Stakeholders have criticized the government for being too slow in its investigations and prosecutions, but the wheels of justice have finally begun to turn; an anti-corruption court has charged more than 300 people with crimes ranging from embezzlement and causing financial loss to abuse of office and defeating the ends of justice. Four convictions have been made so far.  

Below is a chronology of events:  

August 2005  – The Global Fund  suspends  more than $150 million in grants to Uganda after a review of one of the five grants by auditor PricewaterhouseCoopers revealed “evidence of serious mismanagement” by the Project Management Unit in the Ministry of Health.  

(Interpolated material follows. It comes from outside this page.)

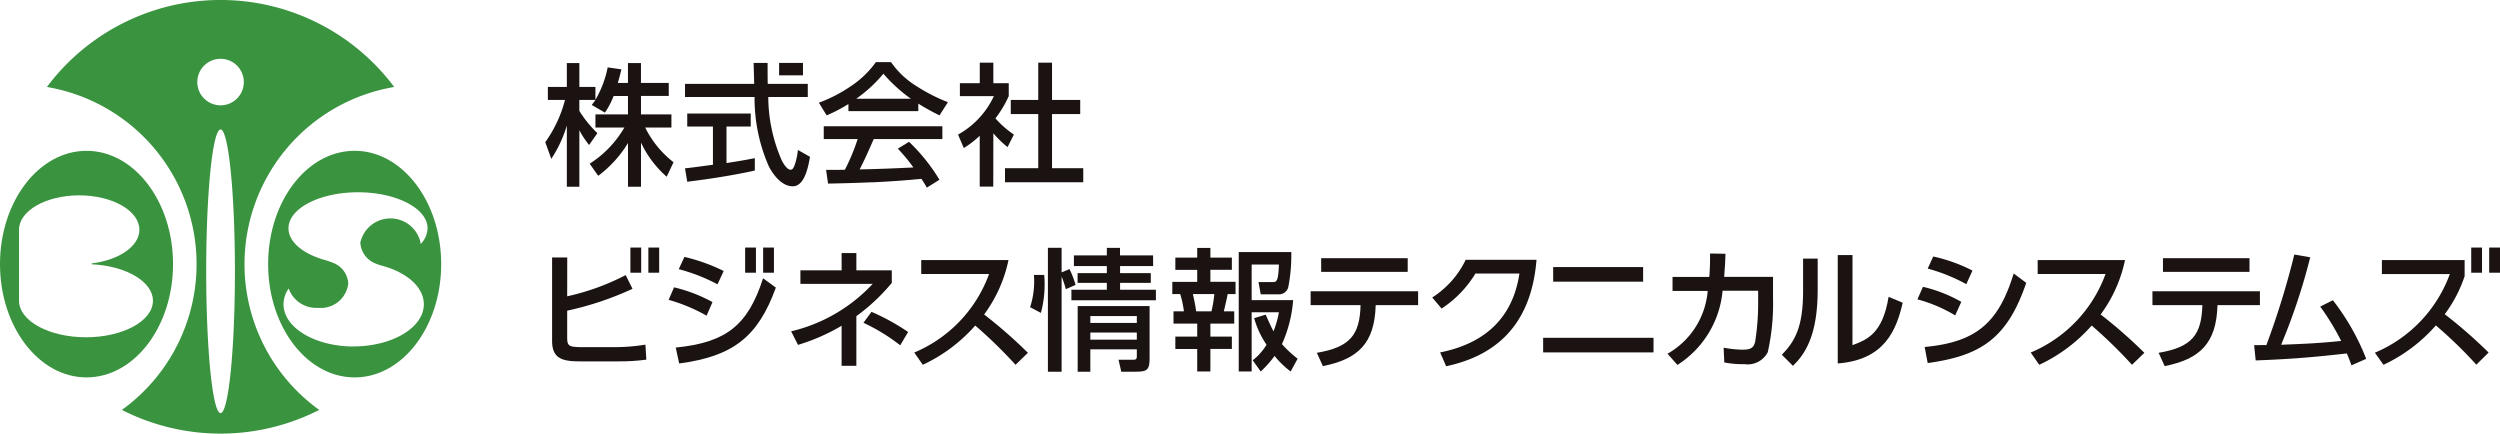 <svg xmlns="http://www.w3.org/2000/svg" xmlns:xlink="http://www.w3.org/1999/xlink" width="172.968" height="30" viewBox="0 0 172.968 30"><defs><clipPath id="a"><rect width="172.968" height="30" fill="none"/></clipPath></defs><g clip-path="url(#a)"><path d="M68.62,10.886l-.911-.529c.091-.118.173-.219.255-.346H66.851v.756a7.776,7.776,0,0,0,1.249,1.54l-.574.821a6.423,6.423,0,0,1-.674-1.021v3.909h-.866V11.779a8.6,8.6,0,0,1-1.075,2.306l-.419-1.149a8.85,8.85,0,0,0,1.367-2.925H64.674v-.9h1.312V7.459h.866v1.65h1.112V10a7.148,7.148,0,0,0,.848-2.242l.948.136c-.073.319-.154.629-.246.939h.7V7.459h.9V8.835h1.923v.9H71.117v1.276h2.105v.911H71.408a6.938,6.938,0,0,0,1.96,2.4l-.474,1a7.169,7.169,0,0,1-1.777-2.36v3.053h-.9V12.991a8.013,8.013,0,0,1-2.06,2.269l-.592-.838a7.312,7.312,0,0,0,2.4-2.5h-2v-.911h2.251V9.737h-.993a5.509,5.509,0,0,1-.6,1.148" transform="translate(-26.768 -3.096)" fill="#1a1311"/><path d="M89.518,8.892V9.8H86.784a11.084,11.084,0,0,0,.948,4.42c.109.192.346.611.6.611.155,0,.237-.173.338-.51a4.57,4.57,0,0,0,.164-.857l.838.474c-.109.62-.355,2.041-1.193,2.041-.748,0-1.331-.765-1.65-1.367A11.7,11.7,0,0,1,85.836,9.8H81.024V8.892h4.785c-.009-.483-.027-.966-.037-1.449h.966c0,.483,0,.966.009,1.449Zm-6.562,2.953H81.179v-.9h4.392v.9H83.895v2.525c.656-.1,1.312-.21,1.959-.338v.857c-1.531.337-3.126.583-4.675.774l-.155-.929c.647-.064,1.285-.164,1.932-.246Z" transform="translate(-33.63 -3.089)" fill="#1a1311"/><path d="M97.393,11.031l-.538-.875a9.962,9.962,0,0,0,2.206-1.139A6.634,6.634,0,0,0,100.8,7.349h1.048a5.921,5.921,0,0,0,1.759,1.659,12.032,12.032,0,0,0,2.178,1.112l-.583.911a15.392,15.392,0,0,1-1.467-.811v.519H98.9v-.492a10.7,10.7,0,0,1-1.5.784m3.107,4.63c-1,.045-2.014.073-3.016.091l-.137-.948c.438,0,.874,0,1.3-.009a13.566,13.566,0,0,0,.884-2.123H97.193v-.884H105.4v.884h-4.749c-.309.7-.619,1.413-.975,2.1q1.859-.041,3.718-.137a11.37,11.37,0,0,0-1.075-1.3l.774-.474a12.692,12.692,0,0,1,2.105,2.625l-.875.547a6.645,6.645,0,0,0-.374-.611c-1.148.118-2.3.191-3.454.246m2.725-5.787a10.666,10.666,0,0,1-1.9-1.731,9.7,9.7,0,0,1-1.877,1.731Z" transform="translate(-40.2 -3.05)" fill="#1a1311"/><path d="M115.752,15.988h-.938V12.47a6.713,6.713,0,0,1-1.1.848l-.4-.929a5.892,5.892,0,0,0,2.479-2.661h-2.351V8.833h1.376V7.412h.938V8.833h1.066v.893a7.72,7.72,0,0,1-.92,1.54,6.721,6.721,0,0,0,1.276,1.121l-.438.866a7.017,7.017,0,0,1-.984-.957Zm4.065-8.576V9.991h1.95v.975h-1.95v3.746h2.16v.975h-5.414v-.975h2.3V10.966h-1.9V9.991h1.9V7.412Z" transform="translate(-47.03 -3.076)" fill="#1a1311"/><rect width="1.651" height="0.859" transform="translate(53.904 4.353)" fill="#1a1311"/><path d="M97.068,29.936h1.021V31.13h2.451V32A13.5,13.5,0,0,1,98.089,34.3v3.435H97.068v-2.77a13.724,13.724,0,0,1-3.017,1.321l-.474-.938a11.235,11.235,0,0,0,5.641-3.281h-5V31.13h2.853Zm4.055,6.379a13.2,13.2,0,0,0-2.543-1.558L99.137,34a15.224,15.224,0,0,1,2.533,1.395Z" transform="translate(-38.84 -12.425)" fill="#1a1311"/><path d="M114.656,30.762a9.674,9.674,0,0,1-1.686,3.764A33.126,33.126,0,0,1,116,37.178l-.856.829a32.8,32.8,0,0,0-2.789-2.716,11.058,11.058,0,0,1-3.627,2.716l-.592-.848a9.359,9.359,0,0,0,5.176-5.432h-4.694v-.966Z" transform="translate(-44.881 -12.768)" fill="#1a1311"/><path d="M121.843,33.423a5.861,5.861,0,0,0,.264-2.233h.711a7.6,7.6,0,0,1-.228,2.625Zm2.47-1.249a6.853,6.853,0,0,0-.291-.875v6.589h-.948V29.313h.948v1.7l.547-.228a6.6,6.6,0,0,1,.419,1.093Zm6.042-1.6h-2.288v.492h2.124v.674h-2.124v.474h2.479v.729H124.7v-.729h2.451v-.474h-2.023v-.674h2.023v-.492h-2.278v-.738h2.278v-.519h.911v.519h2.288Zm-.246,2.77V36.9c0,.857-.136.984-.993.984h-.966l-.191-.829h1.048c.219,0,.219-.118.219-.31v-.41h-3.217v1.55h-.875V33.341Zm-4.1,1.167h3.217v-.474h-3.217Zm0,1.157h3.217v-.492h-3.217Z" transform="translate(-50.572 -12.167)" fill="#1a1311"/><path d="M140.384,29.328h.911v.666h1.486v.848h-1.486v.829h1.741v.847h-.547c-.036.246-.219,1.012-.264,1.194h.72v.848h-1.65v.9h1.486v.856h-1.486v1.559h-.911V36.318h-1.513v-.856h1.513v-.9h-1.64v-.848h.72a6.874,6.874,0,0,0-.256-1.194h-.547v-.847h1.723v-.829h-1.513v-.848h1.513Zm-.3,3.19c.119.52.155.72.228,1.194h1.058a8.907,8.907,0,0,0,.2-1.194Zm5.04,1.422c.137.319.31.72.538,1.158a6.65,6.65,0,0,0,.374-1.322h-1.886v4.1h-.893V29.611h3.636a11.59,11.59,0,0,1-.209,2.433.669.669,0,0,1-.711.493h-1.194l-.155-.848h.948c.3,0,.419,0,.465-1.212h-1.886v2.46h2.871a9.11,9.11,0,0,1-.775,3.044,8.011,8.011,0,0,0,1.084,1.011l-.483.884a6.309,6.309,0,0,1-1.112-1.076,7.637,7.637,0,0,1-.957,1.076l-.556-.775a4.017,4.017,0,0,0,.957-1.075,6.246,6.246,0,0,1-.856-1.841Z" transform="translate(-57.552 -12.173)" fill="#1a1311"/><path d="M155.451,37.081c2.324-.392,2.971-1.258,3.026-3.3h-3.454v-.957h7.436v.957h-2.935c-.073,2.67-1.239,3.737-3.654,4.22Zm6.288-5.6h-5.987v-.948h5.987Z" transform="translate(-64.344 -12.671)" fill="#1a1311"/><path d="M169.952,37.138c2.643-.529,4.967-2,5.486-5.459h-3.044a7.578,7.578,0,0,1-2.342,2.424l-.647-.766a6.367,6.367,0,0,0,2.315-2.606h4.9c-.383,4.739-3.053,6.68-6.252,7.364Z" transform="translate(-70.313 -12.755)" fill="#1a1311"/><path d="M190.162,37.494h-7.637V36.482h7.637Zm-.72-4.894h-6.224V31.588h6.224Z" transform="translate(-75.759 -13.111)" fill="#1a1311"/><path d="M197.235,36.919a5.511,5.511,0,0,0,2.78-4.347h-2.433v-.966h2.543c.046-.583.054-.939.054-1.622l1.066.018c-.018.583-.036.874-.091,1.6h3.381v1.5a15.236,15.236,0,0,1-.364,3.709,1.565,1.565,0,0,1-1.613.829,6.724,6.724,0,0,1-1.395-.118l-.046-1.021a7.694,7.694,0,0,0,1.34.137c.629,0,.748-.21.839-.538a16.947,16.947,0,0,0,.209-2.8v-.738h-2.461a6.793,6.793,0,0,1-3.125,5.131Z" transform="translate(-81.864 -12.445)" fill="#1a1311"/><path d="M213.238,32.585c0,3.172-.893,4.456-1.713,5.249l-.766-.766c.893-.929,1.468-1.886,1.468-4.392v-2.26h1.011Zm2.406,3.818c.993-.374,2.087-.784,2.5-3.345l.975.41c-.428,1.85-1.221,3.955-4.493,4.2v-7.5h1.021Z" transform="translate(-87.477 -12.522)" fill="#1a1311"/><path d="M229.408,34.415a10.134,10.134,0,0,0-2.615-1.111l.383-.866a9.832,9.832,0,0,1,2.652,1.039ZM227.294,36.6c3.645-.338,5.122-1.732,6.161-5.085l.866.647c-1.321,3.892-3.19,5.049-6.817,5.55Zm2.88-4.347a11.974,11.974,0,0,0-2.67-1.076l.383-.838a11.137,11.137,0,0,1,2.715.975Z" transform="translate(-94.132 -12.593)" fill="#1a1311"/><path d="M246.719,30.762a9.674,9.674,0,0,1-1.686,3.764,33.125,33.125,0,0,1,3.025,2.652l-.856.829a32.807,32.807,0,0,0-2.789-2.716,11.058,11.058,0,0,1-3.627,2.716l-.592-.848a9.359,9.359,0,0,0,5.176-5.432h-4.694v-.966Z" transform="translate(-99.695 -12.768)" fill="#1a1311"/><path d="M255.02,37.081c2.324-.392,2.971-1.258,3.026-3.3h-3.454v-.957h7.436v.957h-2.935c-.073,2.67-1.239,3.737-3.654,4.22Zm6.288-5.6h-5.987v-.948h5.987Z" transform="translate(-105.671 -12.671)" fill="#1a1311"/><path d="M266.621,36.378l.848-.009a57.122,57.122,0,0,0,1.932-6.261l1.1.191a42.119,42.119,0,0,1-2.014,6.051c1.6-.064,2.552-.1,4.155-.264a17.163,17.163,0,0,0-1.449-2.378l.875-.438a16.094,16.094,0,0,1,2.306,4.055l-1.021.447c-.1-.274-.146-.419-.319-.821-1.823.2-3.363.374-6.306.483Z" transform="translate(-110.663 -12.497)" fill="#1a1311"/><path d="M66.344,33.139a16.317,16.317,0,0,0,4.046-1.467l.474.948a21.44,21.44,0,0,1-4.52,1.513V36c0,.583.128.656,1.03.656h2.351a13.2,13.2,0,0,0,2.032-.173l.064,1.039a14.184,14.184,0,0,1-1.886.119H67.2c-1.194,0-1.9-.2-1.9-1.413V30.451h1.048Z" transform="translate(-27.102 -12.639)" fill="#1a1311"/><rect width="0.747" height="1.74" transform="translate(44.859 17.128)" fill="#1a1311"/><rect width="0.747" height="1.74" transform="translate(43.615 17.128)" fill="#1a1311"/><path d="M81.711,35.947a11.748,11.748,0,0,0-2.625-1.094l.374-.866a10.557,10.557,0,0,1,2.661,1.021Z" transform="translate(-32.825 -14.107)" fill="#1a1311"/><path d="M79.927,37.706c3.482-.346,4.994-1.531,6.042-4.794l.884.647c-1.248,3.445-3,4.757-6.689,5.249Z" transform="translate(-33.174 -13.66)" fill="#1a1311"/><path d="M82.965,32.284a12.358,12.358,0,0,0-2.68-1.048l.392-.848a12.426,12.426,0,0,1,2.716.975Z" transform="translate(-33.323 -12.613)" fill="#1a1311"/><rect width="0.747" height="1.74" transform="translate(52.799 17.128)" fill="#1a1311"/><rect width="0.747" height="1.74" transform="translate(51.554 17.128)" fill="#1a1311"/><path d="M287.115,31.874a9.3,9.3,0,0,1-1.376,2.634,32.407,32.407,0,0,1,3.035,2.652l-.848.839a31.051,31.051,0,0,0-2.8-2.716,11.036,11.036,0,0,1-3.627,2.725l-.593-.839a9.391,9.391,0,0,0,5.185-5.441h-4.7v-.966h5.723Z" transform="translate(-116.594 -12.768)" fill="#1a1311"/><rect width="0.747" height="1.74" transform="translate(172.221 17.128)" fill="#1a1311"/><rect width="0.747" height="1.74" transform="translate(170.977 17.128)" fill="#1a1311"/><path d="M19.22,18.273A12.431,12.431,0,0,1,29.577,6.018a15,15,0,0,0-24.029,0A12.429,12.429,0,0,1,10.736,28.36a15.03,15.03,0,0,0,13.653,0A12.41,12.41,0,0,1,19.22,18.273M17.563,28.581c-.549,0-.994-4.393-.994-9.811s.445-9.811.994-9.811.994,4.392.994,9.811-.445,9.811-.994,9.811m0-21.294a1.609,1.609,0,1,1,1.609-1.609,1.608,1.608,0,0,1-1.609,1.609" transform="translate(-2.303 0)" fill="#39933f"/><path d="M5.986,17.839C2.68,17.839,0,21.348,0,25.677s2.68,7.838,5.986,7.838,5.986-3.51,5.986-7.838-2.68-7.838-5.986-7.838m-.036,12.9c-2.559,0-4.634-1.132-4.634-2.53V23.3c0-1.314,1.864-2.38,4.164-2.38s4.164,1.066,4.164,2.38c0,1.145-1.414,2.1-3.3,2.328v.062c2.374.109,4.238,1.2,4.238,2.519,0,1.4-2.075,2.53-4.634,2.53" transform="translate(0 -7.404)" fill="#39933f"/><path d="M37.7,17.839c-3.306,0-5.986,3.509-5.986,7.838s2.68,7.838,5.986,7.838,5.986-3.509,5.986-7.838S41,17.839,37.7,17.839m-.063,13.538c-2.684,0-4.859-1.306-4.859-2.916a1.942,1.942,0,0,1,.356-1.1,2.021,2.021,0,0,0,2.041,1.341,1.91,1.91,0,0,0,2.082-1.67,1.611,1.611,0,0,0-.918-1.385,5.751,5.751,0,0,0-.618-.23c-1.543-.415-2.6-1.251-2.6-2.215,0-1.378,2.154-2.495,4.811-2.495s4.811,1.117,4.811,2.495a1.6,1.6,0,0,1-.486,1.092c0-.036,0-.073,0-.109a2.133,2.133,0,0,0-4.164,0,1.639,1.639,0,0,0,1.018,1.435,3.411,3.411,0,0,0,.46.163h0c1.715.45,2.915,1.476,2.915,2.672,0,1.61-2.175,2.916-4.859,2.916" transform="translate(-13.162 -7.404)" fill="#39933f"/></g></svg>

More than $1.6 million is later found to have been embezzled, misappropriated or not accounted for.  

October 2005  – A six-man judicial commission of inquiry – led by High Court Judge James Ogoola –opens  to investigate the allegations of mismanagement of fund grants.  

November 2005  – The fund  lifts  the suspension and releases a grant package worth $367 million; executive director Richard Feachem said the move followed the country’s “intensive efforts” to rectify the serious mismanagement of funding.  

May 2006  – President Yoweri Museveni  leaves  the Health Minister, Jim Muhwezi, and his two deputies, Alex Kamugisha and Mike Mukula, out of the cabinet during a reshuffle. Although the president gave no reason for their exclusion, all three were implicated in the scandal.  

June 2006  – The commission of inquiry  recommends  that former health ministers and other managers of the fund’s grants be investigated for possible criminal prosecution.  

Justice Ogoola described the embezzlement as a tragedy in which “the greatest losers have been the people of Uganda. As the sick lay dying, the greedy middlemen dived for the kill.”  

August 2006  – European envoys  express  concern  at the lack of urgency in the government’s efforts to prosecute culprits in the scandal; they ask the government to take “expeditious” action. The envoys would repeat this call several times over the next two years.  

March 2007  – The fund  turns down  a grant application by the Ugandan government for $16 million. According to Aidspan, an NGO that describes itself as an independent watchdog over the fund, the decision was made because of Uganda’s “unsatisfactory performance”.  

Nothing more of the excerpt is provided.